→ Exercise objective: Using the records below, quote only the span that opens with the line containing "C80.283,87.731 107.01,99.447 107.01,141.529" and closes with the line containing "C99.5,101.65 103.864,106.099 109.251,106.099", exactly and inclusively.

→ Data for analysis:
☆ ☆ ☆ ☆ ☆ ☆ ☆
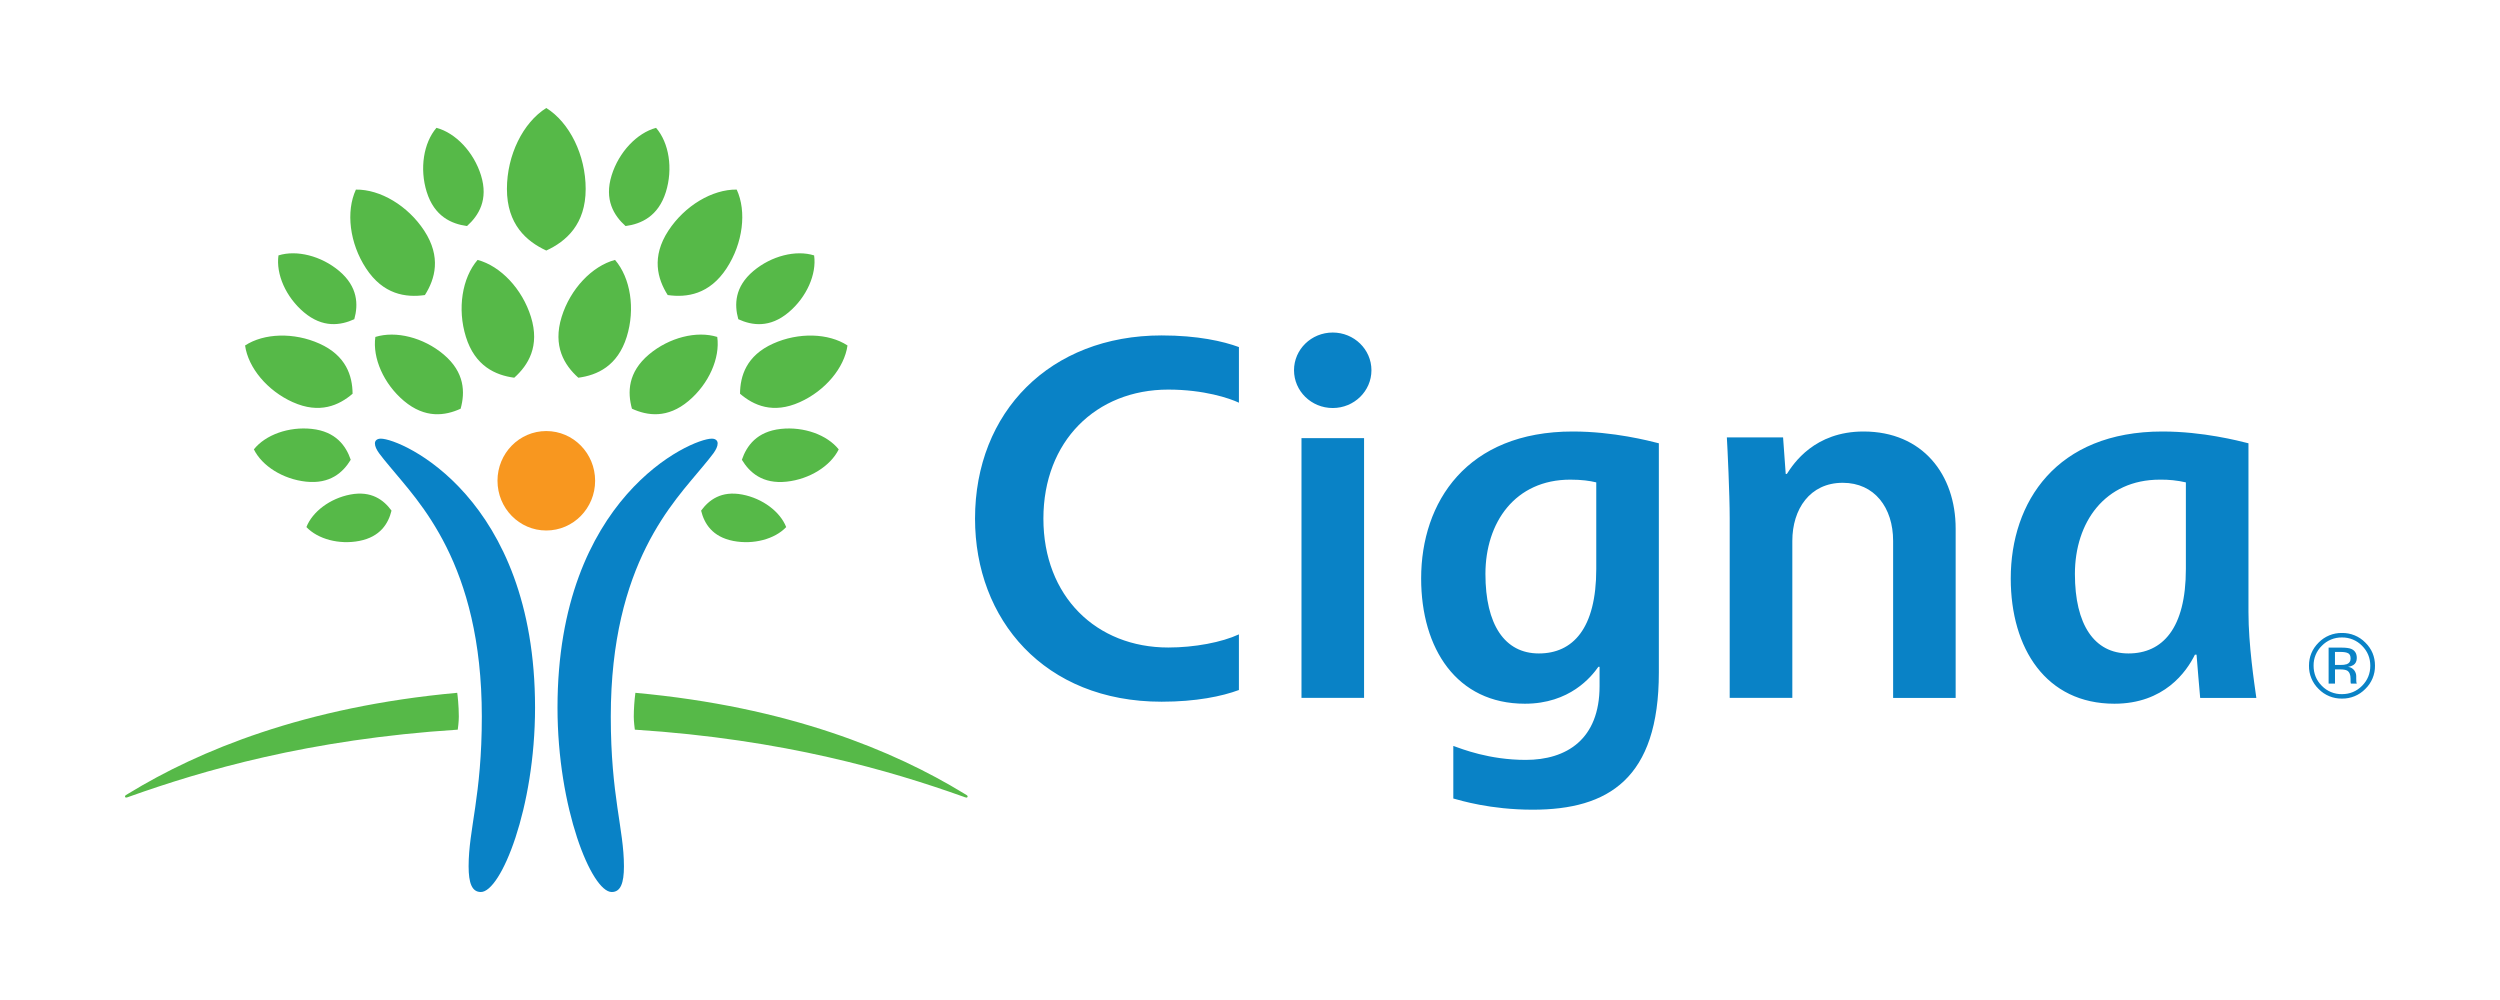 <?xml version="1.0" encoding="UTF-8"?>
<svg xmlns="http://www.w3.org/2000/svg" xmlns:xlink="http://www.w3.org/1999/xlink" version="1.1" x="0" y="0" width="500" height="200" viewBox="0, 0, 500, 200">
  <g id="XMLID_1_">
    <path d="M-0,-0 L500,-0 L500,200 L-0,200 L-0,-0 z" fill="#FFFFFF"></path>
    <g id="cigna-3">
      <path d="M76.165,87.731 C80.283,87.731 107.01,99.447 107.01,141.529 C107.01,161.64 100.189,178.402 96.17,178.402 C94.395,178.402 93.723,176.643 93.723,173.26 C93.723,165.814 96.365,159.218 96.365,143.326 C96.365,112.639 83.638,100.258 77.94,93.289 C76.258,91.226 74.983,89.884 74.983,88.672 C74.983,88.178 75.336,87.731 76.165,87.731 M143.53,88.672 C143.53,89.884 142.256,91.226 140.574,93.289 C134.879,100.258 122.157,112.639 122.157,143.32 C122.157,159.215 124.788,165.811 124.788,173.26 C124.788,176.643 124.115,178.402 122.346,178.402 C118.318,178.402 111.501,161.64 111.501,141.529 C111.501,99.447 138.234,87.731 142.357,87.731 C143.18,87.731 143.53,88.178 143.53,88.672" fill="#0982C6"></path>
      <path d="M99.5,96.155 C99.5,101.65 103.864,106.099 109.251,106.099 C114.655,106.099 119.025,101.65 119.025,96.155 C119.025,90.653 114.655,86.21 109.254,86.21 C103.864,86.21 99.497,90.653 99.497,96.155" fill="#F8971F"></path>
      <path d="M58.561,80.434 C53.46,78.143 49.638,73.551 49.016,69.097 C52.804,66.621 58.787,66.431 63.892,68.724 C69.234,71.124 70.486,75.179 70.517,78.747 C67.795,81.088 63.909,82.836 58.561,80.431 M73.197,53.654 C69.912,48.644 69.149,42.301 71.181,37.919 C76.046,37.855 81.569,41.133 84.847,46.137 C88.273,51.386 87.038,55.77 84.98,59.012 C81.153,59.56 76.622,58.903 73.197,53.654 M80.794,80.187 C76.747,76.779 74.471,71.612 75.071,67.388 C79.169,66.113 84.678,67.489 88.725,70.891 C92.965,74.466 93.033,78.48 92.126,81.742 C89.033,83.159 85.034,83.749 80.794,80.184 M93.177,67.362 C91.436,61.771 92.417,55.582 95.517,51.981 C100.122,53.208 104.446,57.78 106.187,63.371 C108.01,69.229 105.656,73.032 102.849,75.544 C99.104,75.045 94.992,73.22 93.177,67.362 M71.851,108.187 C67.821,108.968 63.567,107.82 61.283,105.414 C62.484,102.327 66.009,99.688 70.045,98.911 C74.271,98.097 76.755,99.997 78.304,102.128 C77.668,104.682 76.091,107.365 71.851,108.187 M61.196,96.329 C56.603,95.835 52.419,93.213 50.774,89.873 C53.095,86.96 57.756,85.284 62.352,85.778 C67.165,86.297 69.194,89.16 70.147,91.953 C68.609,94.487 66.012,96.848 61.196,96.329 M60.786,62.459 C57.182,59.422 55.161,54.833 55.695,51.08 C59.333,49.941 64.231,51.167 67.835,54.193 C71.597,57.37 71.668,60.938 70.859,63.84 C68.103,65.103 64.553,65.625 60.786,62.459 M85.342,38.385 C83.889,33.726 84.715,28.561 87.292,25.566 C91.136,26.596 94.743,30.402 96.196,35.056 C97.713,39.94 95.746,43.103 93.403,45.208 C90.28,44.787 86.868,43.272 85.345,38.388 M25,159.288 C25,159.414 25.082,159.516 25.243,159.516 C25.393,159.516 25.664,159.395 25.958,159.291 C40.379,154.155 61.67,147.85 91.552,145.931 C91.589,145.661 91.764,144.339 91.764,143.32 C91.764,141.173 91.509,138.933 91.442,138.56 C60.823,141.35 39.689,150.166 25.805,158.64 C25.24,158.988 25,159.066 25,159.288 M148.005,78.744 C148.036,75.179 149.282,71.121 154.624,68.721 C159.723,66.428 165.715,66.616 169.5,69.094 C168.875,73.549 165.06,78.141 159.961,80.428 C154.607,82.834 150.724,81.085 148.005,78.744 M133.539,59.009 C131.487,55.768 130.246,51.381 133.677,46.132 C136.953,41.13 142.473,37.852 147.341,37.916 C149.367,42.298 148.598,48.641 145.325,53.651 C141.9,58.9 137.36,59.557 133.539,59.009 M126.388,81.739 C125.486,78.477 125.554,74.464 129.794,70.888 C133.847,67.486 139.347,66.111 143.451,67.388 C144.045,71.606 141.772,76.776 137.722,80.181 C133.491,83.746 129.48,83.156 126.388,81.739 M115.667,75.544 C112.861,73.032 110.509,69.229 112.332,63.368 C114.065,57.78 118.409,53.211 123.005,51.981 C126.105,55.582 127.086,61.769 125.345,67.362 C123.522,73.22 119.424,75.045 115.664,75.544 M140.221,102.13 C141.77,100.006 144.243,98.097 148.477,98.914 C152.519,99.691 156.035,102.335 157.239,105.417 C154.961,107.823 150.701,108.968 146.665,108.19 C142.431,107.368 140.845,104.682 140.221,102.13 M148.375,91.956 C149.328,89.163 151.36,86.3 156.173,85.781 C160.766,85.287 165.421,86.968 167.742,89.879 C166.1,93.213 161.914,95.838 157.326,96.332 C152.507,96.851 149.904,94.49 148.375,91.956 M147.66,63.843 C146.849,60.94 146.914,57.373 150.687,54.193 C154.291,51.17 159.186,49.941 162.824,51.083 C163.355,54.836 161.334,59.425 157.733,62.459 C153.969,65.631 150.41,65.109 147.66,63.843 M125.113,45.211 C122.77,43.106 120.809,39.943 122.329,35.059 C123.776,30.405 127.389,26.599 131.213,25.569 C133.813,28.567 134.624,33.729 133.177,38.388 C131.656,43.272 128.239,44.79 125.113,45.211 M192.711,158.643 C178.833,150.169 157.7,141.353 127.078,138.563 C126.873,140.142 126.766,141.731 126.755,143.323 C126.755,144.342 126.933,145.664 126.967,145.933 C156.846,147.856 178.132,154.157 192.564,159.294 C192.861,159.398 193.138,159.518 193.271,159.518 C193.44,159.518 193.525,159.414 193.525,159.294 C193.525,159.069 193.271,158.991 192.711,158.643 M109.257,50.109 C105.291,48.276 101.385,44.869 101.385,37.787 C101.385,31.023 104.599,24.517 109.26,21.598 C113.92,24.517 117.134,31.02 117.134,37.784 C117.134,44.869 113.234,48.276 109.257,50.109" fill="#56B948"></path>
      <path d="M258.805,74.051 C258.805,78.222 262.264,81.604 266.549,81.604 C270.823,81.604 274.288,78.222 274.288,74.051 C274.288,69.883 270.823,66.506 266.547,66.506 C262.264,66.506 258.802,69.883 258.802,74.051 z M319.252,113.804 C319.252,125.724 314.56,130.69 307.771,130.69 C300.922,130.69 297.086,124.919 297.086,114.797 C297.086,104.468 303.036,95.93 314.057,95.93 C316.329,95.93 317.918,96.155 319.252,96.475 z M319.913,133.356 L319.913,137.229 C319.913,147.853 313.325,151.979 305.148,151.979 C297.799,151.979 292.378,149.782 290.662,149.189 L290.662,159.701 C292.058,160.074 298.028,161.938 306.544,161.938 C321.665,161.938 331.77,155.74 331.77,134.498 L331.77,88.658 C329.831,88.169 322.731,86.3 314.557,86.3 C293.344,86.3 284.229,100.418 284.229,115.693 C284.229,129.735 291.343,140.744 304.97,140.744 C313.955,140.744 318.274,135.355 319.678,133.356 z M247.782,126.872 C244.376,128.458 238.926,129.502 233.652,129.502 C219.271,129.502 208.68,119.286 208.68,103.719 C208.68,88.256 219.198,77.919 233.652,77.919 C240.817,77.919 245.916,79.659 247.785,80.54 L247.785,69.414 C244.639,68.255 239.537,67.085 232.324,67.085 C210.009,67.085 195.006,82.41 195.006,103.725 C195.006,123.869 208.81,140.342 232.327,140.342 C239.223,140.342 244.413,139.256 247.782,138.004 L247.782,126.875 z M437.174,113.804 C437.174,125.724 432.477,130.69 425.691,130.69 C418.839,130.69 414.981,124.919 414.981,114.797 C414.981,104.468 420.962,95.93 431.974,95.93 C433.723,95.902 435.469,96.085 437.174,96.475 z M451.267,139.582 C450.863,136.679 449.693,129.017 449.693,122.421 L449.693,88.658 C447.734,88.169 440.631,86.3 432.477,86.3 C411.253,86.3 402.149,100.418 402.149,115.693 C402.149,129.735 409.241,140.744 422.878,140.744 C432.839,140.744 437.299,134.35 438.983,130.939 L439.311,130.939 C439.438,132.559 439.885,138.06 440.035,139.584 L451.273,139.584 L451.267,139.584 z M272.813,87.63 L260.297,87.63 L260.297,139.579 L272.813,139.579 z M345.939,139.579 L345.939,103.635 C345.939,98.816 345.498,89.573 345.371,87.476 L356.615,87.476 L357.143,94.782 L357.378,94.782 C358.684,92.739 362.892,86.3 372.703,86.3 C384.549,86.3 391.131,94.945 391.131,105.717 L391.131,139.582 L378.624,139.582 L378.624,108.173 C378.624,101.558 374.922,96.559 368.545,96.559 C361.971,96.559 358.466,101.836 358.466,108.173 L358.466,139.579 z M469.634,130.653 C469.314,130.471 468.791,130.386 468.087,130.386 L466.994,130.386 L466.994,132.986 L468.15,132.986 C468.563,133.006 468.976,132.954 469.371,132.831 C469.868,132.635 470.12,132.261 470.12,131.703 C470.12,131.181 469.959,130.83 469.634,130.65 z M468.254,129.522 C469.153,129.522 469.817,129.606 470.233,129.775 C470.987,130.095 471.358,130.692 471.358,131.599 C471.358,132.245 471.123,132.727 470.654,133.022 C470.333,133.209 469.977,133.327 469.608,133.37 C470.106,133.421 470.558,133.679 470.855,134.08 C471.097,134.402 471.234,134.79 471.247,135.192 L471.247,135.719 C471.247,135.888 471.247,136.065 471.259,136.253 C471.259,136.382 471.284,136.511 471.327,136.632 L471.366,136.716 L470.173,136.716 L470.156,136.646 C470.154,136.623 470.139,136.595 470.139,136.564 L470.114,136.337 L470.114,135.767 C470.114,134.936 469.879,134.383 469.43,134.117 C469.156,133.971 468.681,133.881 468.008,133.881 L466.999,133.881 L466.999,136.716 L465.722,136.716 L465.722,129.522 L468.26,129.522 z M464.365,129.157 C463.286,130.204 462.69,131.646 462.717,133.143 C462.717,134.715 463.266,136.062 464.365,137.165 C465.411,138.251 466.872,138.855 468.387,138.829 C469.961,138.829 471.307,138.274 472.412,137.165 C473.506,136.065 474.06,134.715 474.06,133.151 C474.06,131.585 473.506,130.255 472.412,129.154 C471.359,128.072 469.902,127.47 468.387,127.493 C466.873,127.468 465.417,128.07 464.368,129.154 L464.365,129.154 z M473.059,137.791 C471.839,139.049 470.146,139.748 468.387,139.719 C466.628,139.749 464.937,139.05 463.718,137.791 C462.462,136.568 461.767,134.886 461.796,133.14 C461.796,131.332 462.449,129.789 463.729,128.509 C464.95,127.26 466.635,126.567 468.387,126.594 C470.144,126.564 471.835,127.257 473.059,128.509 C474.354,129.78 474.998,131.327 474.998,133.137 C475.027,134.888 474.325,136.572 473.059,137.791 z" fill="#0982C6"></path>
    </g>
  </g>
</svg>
☆ ☆ ☆ ☆ ☆ ☆ ☆
→ Solved problem:
      <path d="M76.165,87.731 C80.283,87.731 107.01,99.447 107.01,141.529 C107.01,161.64 100.189,178.402 96.17,178.402 C94.395,178.402 93.723,176.643 93.723,173.26 C93.723,165.814 96.365,159.218 96.365,143.326 C96.365,112.639 83.638,100.258 77.94,93.289 C76.258,91.226 74.983,89.884 74.983,88.672 C74.983,88.178 75.336,87.731 76.165,87.731 M143.53,88.672 C143.53,89.884 142.256,91.226 140.574,93.289 C134.879,100.258 122.157,112.639 122.157,143.32 C122.157,159.215 124.788,165.811 124.788,173.26 C124.788,176.643 124.115,178.402 122.346,178.402 C118.318,178.402 111.501,161.64 111.501,141.529 C111.501,99.447 138.234,87.731 142.357,87.731 C143.18,87.731 143.53,88.178 143.53,88.672" fill="#0982C6"></path>
      <path d="M99.5,96.155 C99.5,101.65 103.864,106.099 109.251,106.099 C114.655,106.099 119.025,101.65 119.025,96.155 C119.025,90.653 114.655,86.21 109.254,86.21 C103.864,86.21 99.497,90.653 99.497,96.155" fill="#F8971F"></path>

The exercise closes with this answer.